Increased Ifi202b/IFI16 expression stimulates adipogenesis in mice and humans.

机构信息

Department of Experimental Diabetology, German Institute of Human Nutrition Potsdam-Rehbruecke (DIfE), Arthur-Scheunert-Allee 114-116, D-14558, Nuthetal, Germany.

German Center for Diabetes Research (DZD), Munich, Neuherberg, Germany.

出版信息

Diabetologia. 2018 May;61(5):1167-1179. doi: 10.1007/s00125-018-4571-9. Epub 2018 Feb 24.
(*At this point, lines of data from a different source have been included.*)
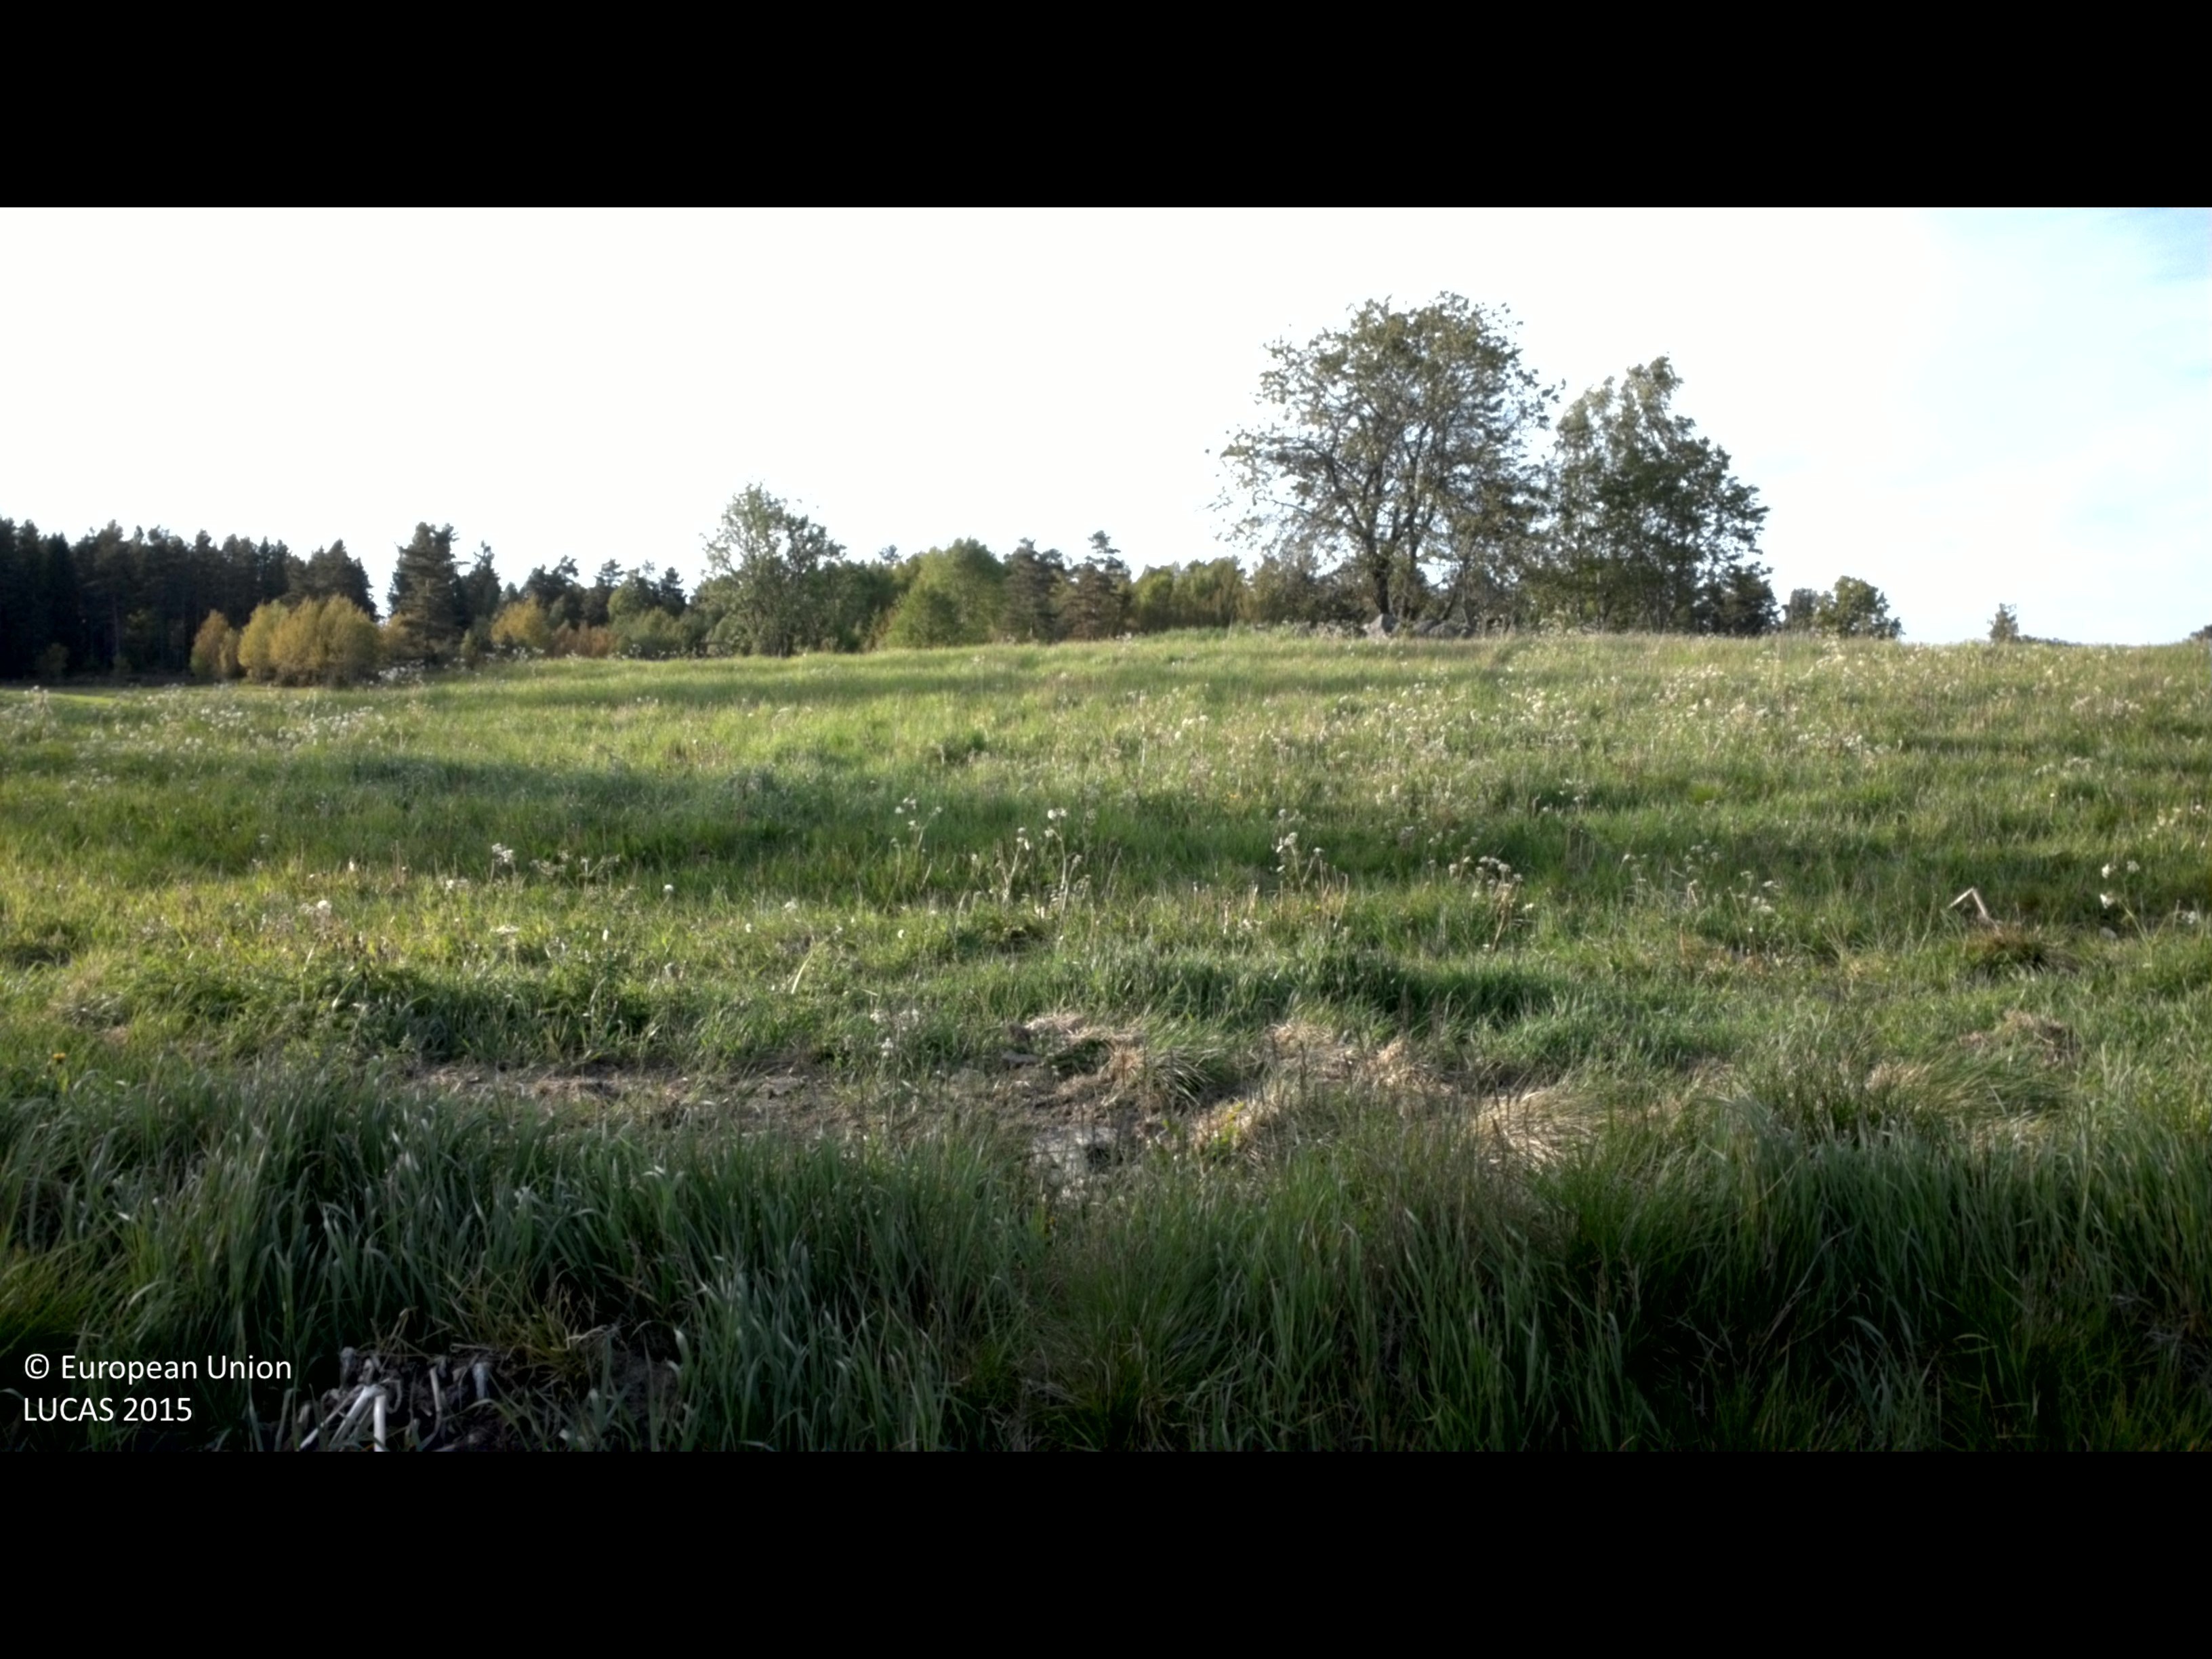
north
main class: Grassland
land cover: Grassland without tree/shrub cover
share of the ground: > 75 %
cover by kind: herbaceous plants 100 %
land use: Agriculture (excluding fallow land and kitchen gardens)
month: June
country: SE
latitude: 57.6443
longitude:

DOI:10.1007/s00125-018-4571-9
PMID:29478099
原文链接:https://pmc.ncbi.nlm.nih.gov/articles/PMC6448999/
Abstract

AIMS/HYPOTHESIS: Obesity results from a constant and complex interplay between environmental stimuli and predisposing genes. Recently, we identified the IFN-activated gene Ifi202b as the most likely gene responsible for the obesity quantitative trait locus Nob3 (New Zealand Obese [NZO] obesity 3). The aim of this study was to evaluate the effects of Ifi202b on body weight and adipose tissue biology, and to clarify the functional role of its human orthologue IFI16.

METHODS

The impact of Ifi202b and its human orthologue IFI16 on adipogenesis was investigated by modulating their respective expression in murine 3T3-L1 and human Simpson-Golabi-Behmel syndrome (SGBS) pre-adipocytes. Furthermore, transgenic mice overexpressing IFI202b were generated and characterised with respect to metabolic traits. In humans, expression levels of IFI16 in adipose tissue were correlated with several variables of adipocyte function.

RESULTS

In mice, IFI202b overexpression caused obesity (Δ body weight at the age of 30 weeks: 10.2 ± 1.9 g vs wild-type mice) marked by hypertrophic fat mass expansion, increased expression of Zfp423 (encoding the transcription factor zinc finger protein [ZFP] 423) and white-selective genes (Tcf21, Tle3), and decreased expression of thermogenic genes (e.g. Cidea, Ucp1). Compared with their wild-type littermates, Ifi202b transgenic mice displayed lower body temperature, hepatosteatosis and systemic insulin resistance. Suppression of IFI202b/IFI16 in pre-adipocytes impaired adipocyte differentiation and triacylglycerol storage. Humans with high levels of IFI16 exhibited larger adipocytes, an enhanced inflammatory state and impaired insulin-stimulated glucose uptake in white adipose tissue.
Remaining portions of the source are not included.